Puede resultar extraño que alguien se moleste en desmentir acontecimientos y teorías expuestos en una obra de ficción. Sin embargo, explica Laurie Goodstein, “El Código Da Vinci” pretende ser, según el mismo autor, más que una ficción. La novela, dice la periodista, “podría parecer poco más que un bodrio descarado”. Pero, señala, se abre con una página titulada “Fact” (dato), que concluye así: “Todas las descripciones de obras de arte, arquitectura, documentos y rituales secretos narrados en esta novela son exactas”. Además, añade Goodstein, Dan Brown dice en su página web que “en mi opinión personal, las teorías expuestas por los personajes tienen fundamento”.

Por eso “han aparecido o van a aparecer más de diez libros, la mayoría en abril o mayo, con títulos que prometen romper, desmentir, hacer saltar o descodificar “El Código Da Vinci”. “Es importante que hablemos alto y claro, porque este libro es un ataque directo contra la fe cristiana”, dice Erwin Lutzer, autor del libro The Da Vinci Deception e influyente pastor evangélico de Chicago.

Otra réplica es Cracking Da Vinci’s Code, firmada por Peter Jones y James Garlow, pastor protestante de San Diego. Dice Garlow al New York Times: “No creo que sea solo una novela inocente con una trama que cautiva. Creo que su objetivo es convencer a la gente de una concepción [del cristianismo] incorrecta e históricamente inexacta”.

Aunque la novela imagina una conspiración vaticana para ocultar la verdadera historia de Jesús, Goodstein señala que “entre los críticos hay protestantes evangélicos y católicos”. En uno y otro campo, “se ofrecen en las iglesias folletos y guías para lectores a los que la novela haya llevado a cuestionarse su fe. Las conferencias y sermones sobre “El Código Da Vinci” atraen a numeroso público”.

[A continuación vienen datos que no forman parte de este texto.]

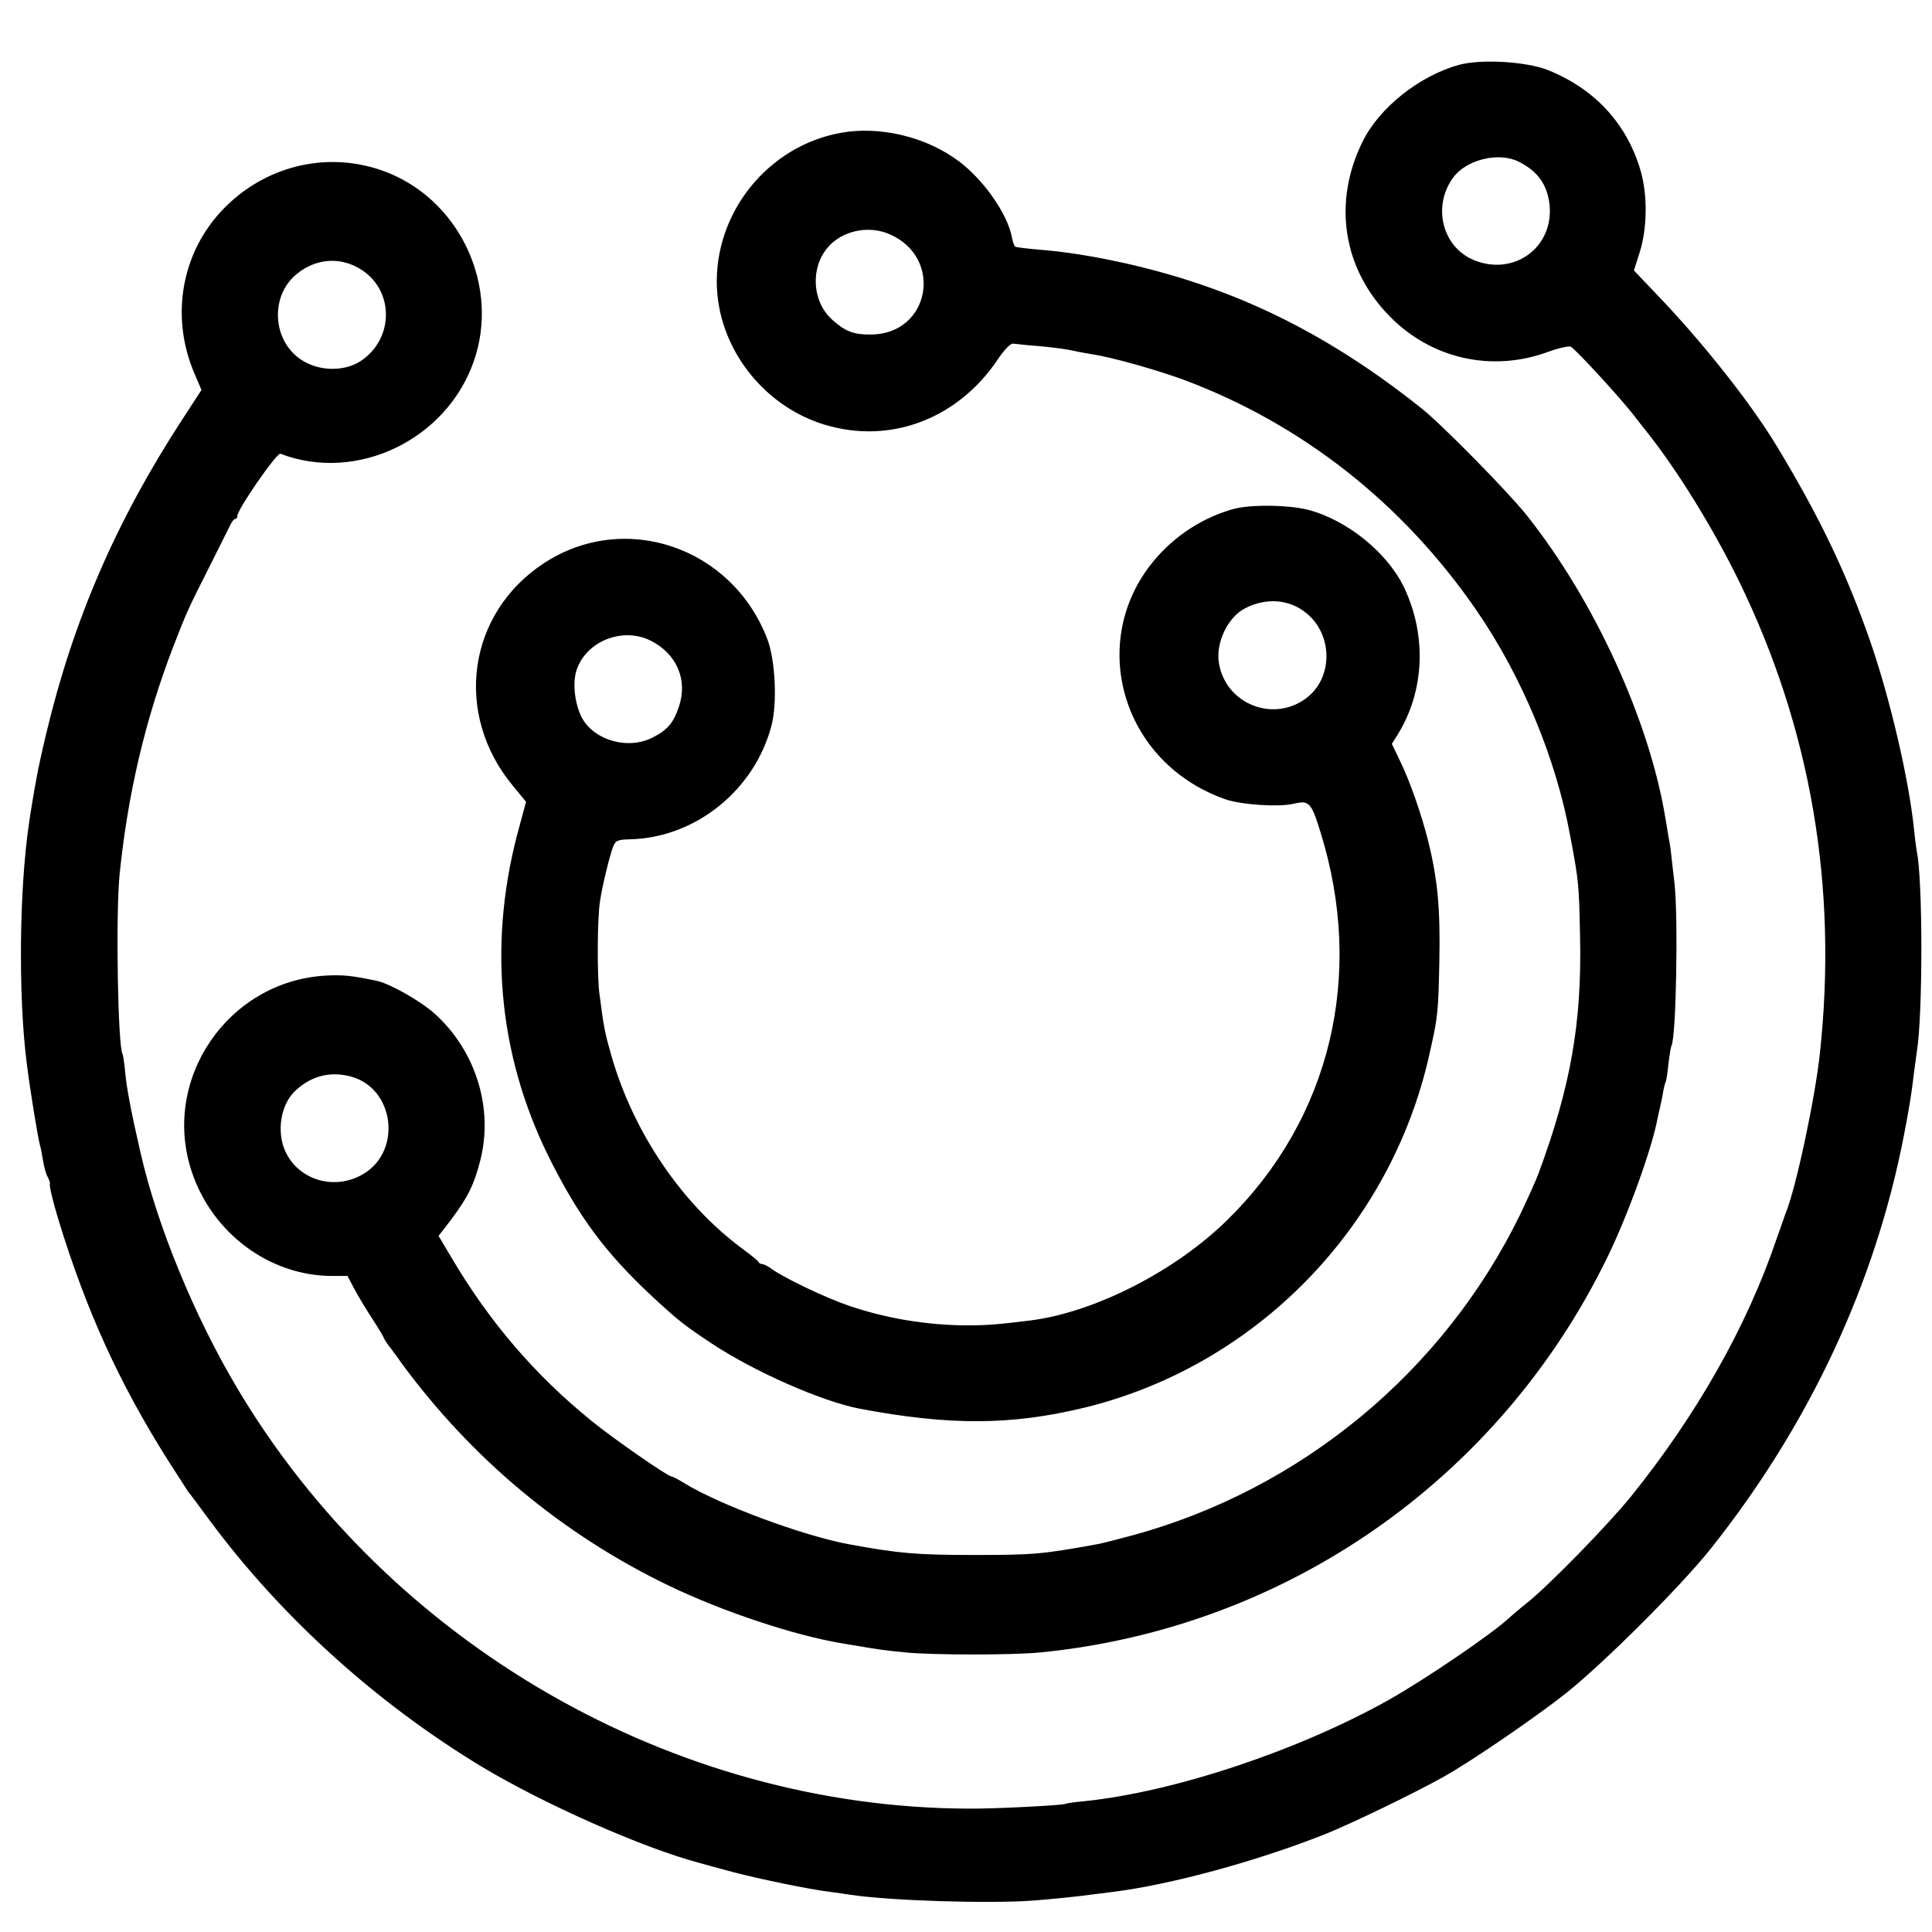 <?xml version="1.0" standalone="no"?>
<!DOCTYPE svg PUBLIC "-//W3C//DTD SVG 20010904//EN"
 "http://www.w3.org/TR/2001/REC-SVG-20010904/DTD/svg10.dtd">
<svg version="1.0" xmlns="http://www.w3.org/2000/svg"
 width="700pt" height="700pt" viewBox="0 0 700 700"
 preserveAspectRatio="xMidYMid meet">
<g transform="translate(0,700) scale(0.1,-0.1)"
fill="#000000" stroke="none">
<path d="M5286 6765 c-144 -40 -290 -156 -350 -280 -108 -220 -70 -459 99
-631 151 -154 369 -203 571 -130 40 15 78 23 85 20 15 -6 180 -186 229 -249
17 -22 36 -47 43 -55 112 -140 242 -350 337 -544 261 -535 359 -1107 294
-1711 -17 -162 -87 -491 -124 -580 -4 -11 -20 -56 -35 -99 -106 -312 -288
-633 -524 -926 -82 -102 -295 -320 -375 -385 -28 -22 -57 -47 -66 -55 -58 -56
-308 -226 -440 -300 -327 -183 -774 -332 -1100 -366 -36 -3 -68 -8 -71 -10 -9
-5 -258 -18 -349 -17 -1070 3 -2101 596 -2652 1526 -155 261 -288 586 -348
847 -33 143 -51 236 -56 291 -3 35 -8 67 -10 70 -17 29 -25 500 -11 647 29
290 92 561 194 827 47 122 55 140 131 290 36 72 70 140 76 152 6 13 14 23 19
23 4 0 7 5 7 11 0 23 143 230 156 225 276 -106 602 50 701 336 92 264 -43 568
-301 678 -198 84 -425 43 -585 -106 -171 -158 -220 -405 -124 -623 l23 -54
-69 -106 c-240 -368 -396 -729 -494 -1141 -14 -58 -28 -123 -32 -145 -4 -22
-9 -49 -11 -60 -10 -62 -14 -82 -19 -119 -35 -237 -39 -618 -9 -861 13 -106
41 -275 49 -305 3 -8 7 -33 11 -55 3 -22 11 -49 17 -60 6 -11 9 -21 8 -23 -4
-4 10 -63 31 -132 101 -330 220 -591 396 -870 37 -58 70 -109 74 -115 5 -5 38
-50 75 -100 259 -351 606 -665 990 -897 227 -136 584 -294 788 -348 17 -5 73
-20 125 -34 97 -25 269 -61 350 -71 25 -3 56 -8 70 -10 146 -22 507 -33 665
-21 54 4 174 16 205 21 14 2 50 6 80 10 210 26 518 110 765 207 98 39 326 149
435 210 102 57 334 216 445 304 139 111 415 387 522 521 359 451 598 963 702
1503 20 106 25 133 36 225 4 28 8 61 10 74 22 132 22 622 0 726 -2 11 -7 47
-10 80 -19 183 -87 475 -160 685 -86 246 -182 447 -340 708 -95 156 -267 373
-431 544 l-84 88 21 66 c27 85 29 204 4 293 -49 171 -165 298 -336 367 -78 31
-242 41 -323 19z m217 -351 c69 -35 102 -82 111 -153 18 -157 -130 -265 -277
-202 -113 49 -148 197 -70 300 49 64 165 91 236 55z m-4204 -385 c129 -72 133
-254 8 -337 -56 -37 -142 -38 -205 -2 -115 65 -128 236 -26 318 67 54 151 62
223 21z"/>
<path d="M3075 6523 c-269 -33 -478 -270 -478 -543 0 -241 175 -464 413 -525
231 -60 464 34 604 241 23 35 47 60 56 59 8 -1 51 -6 95 -9 44 -4 98 -11 120
-16 22 -5 56 -11 75 -14 71 -11 230 -56 326 -91 430 -160 798 -449 1066 -840
163 -238 286 -534 337 -813 32 -169 32 -177 36 -372 6 -307 -34 -536 -150
-850 -9 -25 -39 -91 -66 -148 -278 -572 -796 -1000 -1410 -1166 -52 -14 -107
-28 -124 -31 -198 -36 -229 -39 -445 -39 -212 0 -276 6 -455 39 -167 31 -471
144 -597 222 -21 13 -40 23 -44 23 -14 0 -210 136 -291 202 -205 166 -370 359
-507 591 l-47 79 47 61 c60 81 81 123 104 212 49 191 -17 400 -167 534 -51 45
-160 107 -207 117 -90 19 -124 23 -189 19 -353 -22 -594 -377 -482 -711 74
-222 281 -376 506 -377 l58 0 27 -51 c15 -28 45 -77 66 -109 21 -32 38 -61 38
-63 0 -3 12 -22 28 -42 15 -20 30 -41 34 -47 256 -350 588 -626 973 -811 196
-94 452 -179 625 -208 14 -2 41 -7 60 -10 76 -13 98 -16 170 -23 98 -10 394
-10 490 0 889 88 1662 627 2054 1432 75 154 163 398 182 505 3 14 7 32 9 40 2
8 7 30 10 49 3 19 8 37 10 41 2 3 7 33 10 65 4 33 9 63 11 66 17 29 25 462 11
589 -4 36 -10 83 -12 105 -2 22 -7 51 -10 65 -2 14 -7 41 -10 60 -57 355 -257
794 -505 1105 -68 85 -305 326 -379 385 -264 211 -527 358 -811 453 -184 62
-404 109 -570 122 -47 4 -88 9 -91 11 -4 2 -10 18 -13 36 -17 85 -102 206
-191 273 -110 83 -264 124 -400 108z m149 -372 c196 -86 145 -362 -68 -363
-62 -1 -93 11 -139 52 -80 70 -82 205 -5 277 55 51 142 65 212 34z m-1951
-3052 c155 -43 184 -266 46 -351 -112 -69 -257 -18 -294 104 -20 70 -2 150 43
194 58 56 129 74 205 53z"/>
<path d="M4466 5155 c-91 -26 -176 -75 -246 -144 -293 -288 -177 -768 220
-907 58 -20 193 -29 248 -16 55 13 63 5 96 -102 162 -518 37 -1039 -337 -1406
-188 -185 -479 -334 -712 -364 -112 -14 -156 -18 -226 -18 -150 0 -299 25
-436 72 -84 29 -228 98 -275 131 -14 11 -31 19 -36 19 -6 0 -12 3 -14 8 -1 4
-29 26 -60 49 -218 162 -392 419 -472 695 -24 85 -28 101 -44 226 -9 63 -8
278 2 337 7 51 36 169 47 196 9 23 16 27 60 28 238 5 452 177 514 411 22 83
14 239 -15 315 -128 333 -515 465 -807 276 -280 -182 -331 -548 -114 -809 l47
-57 -23 -85 c-116 -414 -80 -823 102 -1195 110 -222 207 -353 381 -515 94 -87
114 -102 213 -168 156 -103 400 -210 536 -236 328 -62 551 -60 815 4 621 152
1109 652 1249 1280 31 138 32 147 36 335 4 192 -6 300 -41 440 -23 92 -65 213
-100 285 l-31 65 22 35 c96 156 105 356 23 530 -60 127 -207 246 -349 283 -71
18 -211 20 -273 2z m269 -378 c92 -76 95 -225 6 -300 -119 -100 -302 -31 -325
123 -11 73 33 164 95 196 78 40 162 33 224 -19z m-2376 -99 c94 -48 133 -142
101 -238 -20 -60 -42 -85 -95 -112 -91 -47 -217 -9 -259 76 -24 50 -32 123
-17 168 35 106 169 158 270 106z"/>
</g>
</svg>

Una crítica más a la obra de Dan Brown es Decoding Da Vinci, de Amy Welborn, católica, periodista del semanario Our Sunday Visitor. En la entrevista para Zenit, Welborn explica: “Dentro del marco de su novela, Dan Brown presenta muchas afirmaciones sobre la historia, la religión y el arte. Las presenta como verdad, no como parte de su mundo de ficción”.

Desde las páginas del Weekly Standard (22-IX-2003), la escritora Cynthia Grenier afirma sobre “El Código Da Vinci” que “se puede hablar de una extremista visión feminista” de la fe cristiana y católica. “Llámenme escéptica -escribe-, pero no estoy dispuesta a comprar esta novela. Los rituales que él relata son fruto de una mezcolanza de varios cuentos imaginarios. Si usted alguna vez ha considerado la posibilidad de que el Santo Grial buscado por los caballeros del Rey Arturo es realmente el vientre de la Magdalena, entonces “El Código Da Vinci” es su novela. Si su imaginación nunca le ha inquietado en este sentido, lo mejor es olvidar la novela. Seguramente a usted se le habrá caído de las manos este libro de 454 páginas cuando su autor le relate su último descubrimiento: bajo la enorme pirámide de cristal del patio del Louvre se hallan los huesos de la mujer de Jesús”. Y sobre los múltiples errores geográficos e históricos contenidos en el libro, la escritora concluye: “Por favor, alguien debería dar a este hombre y a sus editores unas clases básicas sobre la historia del cristianismo y un mapa”.